**What the task asks:** All that is asked is a faithful reproduction of the entries.

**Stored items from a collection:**
-=-=-=-=-

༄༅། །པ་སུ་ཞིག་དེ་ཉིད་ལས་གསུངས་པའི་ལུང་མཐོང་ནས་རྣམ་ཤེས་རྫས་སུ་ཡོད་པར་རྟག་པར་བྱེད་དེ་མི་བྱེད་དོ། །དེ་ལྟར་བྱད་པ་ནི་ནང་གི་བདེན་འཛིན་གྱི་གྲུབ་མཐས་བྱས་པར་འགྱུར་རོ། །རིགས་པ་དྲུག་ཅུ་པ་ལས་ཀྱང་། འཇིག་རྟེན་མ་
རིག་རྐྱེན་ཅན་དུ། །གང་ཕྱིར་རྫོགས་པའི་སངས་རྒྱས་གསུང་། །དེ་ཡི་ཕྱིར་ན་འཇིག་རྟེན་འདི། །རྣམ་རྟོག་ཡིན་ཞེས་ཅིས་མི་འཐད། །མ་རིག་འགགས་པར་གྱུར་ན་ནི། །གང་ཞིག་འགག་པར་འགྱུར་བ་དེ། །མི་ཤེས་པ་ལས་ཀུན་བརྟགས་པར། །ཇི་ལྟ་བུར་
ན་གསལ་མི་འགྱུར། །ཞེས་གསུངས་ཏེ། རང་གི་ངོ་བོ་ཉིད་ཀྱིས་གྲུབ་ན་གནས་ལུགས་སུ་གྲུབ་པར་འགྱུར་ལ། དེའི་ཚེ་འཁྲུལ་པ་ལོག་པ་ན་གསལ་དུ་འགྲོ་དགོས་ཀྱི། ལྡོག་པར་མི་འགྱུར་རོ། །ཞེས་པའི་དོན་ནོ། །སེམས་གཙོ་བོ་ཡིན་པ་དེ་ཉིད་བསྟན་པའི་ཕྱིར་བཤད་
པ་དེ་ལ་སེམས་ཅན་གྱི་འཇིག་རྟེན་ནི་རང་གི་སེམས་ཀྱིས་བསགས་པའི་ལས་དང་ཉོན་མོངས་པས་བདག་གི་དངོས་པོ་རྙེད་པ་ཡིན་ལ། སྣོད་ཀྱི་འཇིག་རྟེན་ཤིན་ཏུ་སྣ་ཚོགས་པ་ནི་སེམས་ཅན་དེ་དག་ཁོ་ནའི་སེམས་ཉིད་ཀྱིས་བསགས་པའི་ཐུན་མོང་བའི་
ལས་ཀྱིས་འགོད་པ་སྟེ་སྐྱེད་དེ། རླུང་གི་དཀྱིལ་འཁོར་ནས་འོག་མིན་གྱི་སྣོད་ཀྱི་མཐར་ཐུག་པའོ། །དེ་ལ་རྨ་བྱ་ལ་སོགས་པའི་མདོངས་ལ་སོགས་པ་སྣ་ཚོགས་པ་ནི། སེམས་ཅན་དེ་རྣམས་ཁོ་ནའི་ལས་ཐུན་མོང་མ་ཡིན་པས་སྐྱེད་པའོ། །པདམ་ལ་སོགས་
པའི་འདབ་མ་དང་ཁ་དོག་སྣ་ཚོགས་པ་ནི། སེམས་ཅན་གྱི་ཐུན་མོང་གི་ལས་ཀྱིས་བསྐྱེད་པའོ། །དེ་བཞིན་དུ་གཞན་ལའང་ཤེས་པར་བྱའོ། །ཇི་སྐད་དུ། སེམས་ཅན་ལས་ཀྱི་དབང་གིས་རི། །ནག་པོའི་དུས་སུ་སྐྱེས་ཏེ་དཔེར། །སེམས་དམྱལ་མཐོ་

-=-=-=-=-

**Written solution:**
༄༅། །པ་སུ་ཞིག་དེ་ཉིད་ལས་གསུངས་པའི་ལུང་མཐོང་ནས་རྣམ་ཤེས་རྫས་སུ་ཡོད་པར་རྟག་པར་བྱེད་དེ་མི་བྱེད་དོ། །དེ་ལྟར་བྱད་པ་ནི་ནང་གི་བདེན་འཛིན་གྱི་གྲུབ་མཐས་བྱས་པར་འགྱུར་རོ། །རིགས་པ་དྲུག་ཅུ་པ་ལས་ཀྱང་། འཇིག་རྟེན་མ་
རིག་རྐྱེན་ཅན་དུ། །གང་ཕྱིར་རྫོགས་པའི་སངས་རྒྱས་གསུང་། །དེ་ཡི་ཕྱིར་ན་འཇིག་རྟེན་འདི། །རྣམ་རྟོག་ཡིན་ཞེས་ཅིས་མི་འཐད། །མ་རིག་འགགས་པར་གྱུར་ན་ནི། །གང་ཞིག་འགག་པར་འགྱུར་བ་དེ། །མི་ཤེས་པ་ལས་ཀུན་བརྟགས་པར། །ཇི་ལྟ་བུར་
ན་གསལ་མི་འགྱུར། །ཞེས་གསུངས་ཏེ། རང་གི་ངོ་བོ་ཉིད་ཀྱིས་གྲུབ་ན་གནས་ལུགས་སུ་གྲུབ་པར་འགྱུར་ལ། དེའི་ཚེ་འཁྲུལ་པ་ལོག་པ་ན་གསལ་དུ་འགྲོ་དགོས་ཀྱི། ལྡོག་པར་མི་འགྱུར་རོ། །ཞེས་པའི་དོན་ནོ། །སེམས་གཙོ་བོ་ཡིན་པ་དེ་ཉིད་བསྟན་པའི་ཕྱིར་བཤད་
པ་དེ་ལ་སེམས་ཅན་གྱི་འཇིག་རྟེན་ནི་རང་གི་སེམས་ཀྱིས་བསགས་པའི་ལས་དང་ཉོན་མོངས་པས་བདག་གི་དངོས་པོ་རྙེད་པ་ཡིན་ལ། སྣོད་ཀྱི་འཇིག་རྟེན་ཤིན་ཏུ་སྣ་ཚོགས་པ་ནི་སེམས་ཅན་དེ་དག་ཁོ་ནའི་སེམས་ཉིད་ཀྱིས་བསགས་པའི་ཐུན་མོང་བའི་
ལས་ཀྱིས་འགོད་པ་སྟེ་སྐྱེད་དེ། རླུང་གི་དཀྱིལ་འཁོར་ནས་འོག་མིན་གྱི་སྣོད་ཀྱི་མཐར་ཐུག་པའོ། །དེ་ལ་རྨ་བྱ་ལ་སོགས་པའི་མདོངས་ལ་སོགས་པ་སྣ་ཚོགས་པ་ནི། སེམས་ཅན་དེ་རྣམས་ཁོ་ནའི་ལས་ཐུན་མོང་མ་ཡིན་པས་སྐྱེད་པའོ། །པདམ་ལ་སོགས་
པའི་འདབ་མ་དང་ཁ་དོག་སྣ་ཚོགས་པ་ནི། སེམས་ཅན་གྱི་ཐུན་མོང་གི་ལས་ཀྱིས་བསྐྱེད་པའོ། །དེ་བཞིན་དུ་གཞན་ལའང་ཤེས་པར་བྱའོ། །ཇི་སྐད་དུ། སེམས་ཅན་ལས་ཀྱི་དབང་གིས་རི། །ནག་པོའི་དུས་སུ་སྐྱེས་ཏེ་དཔེར། །སེམས་དམྱལ་མཐོ་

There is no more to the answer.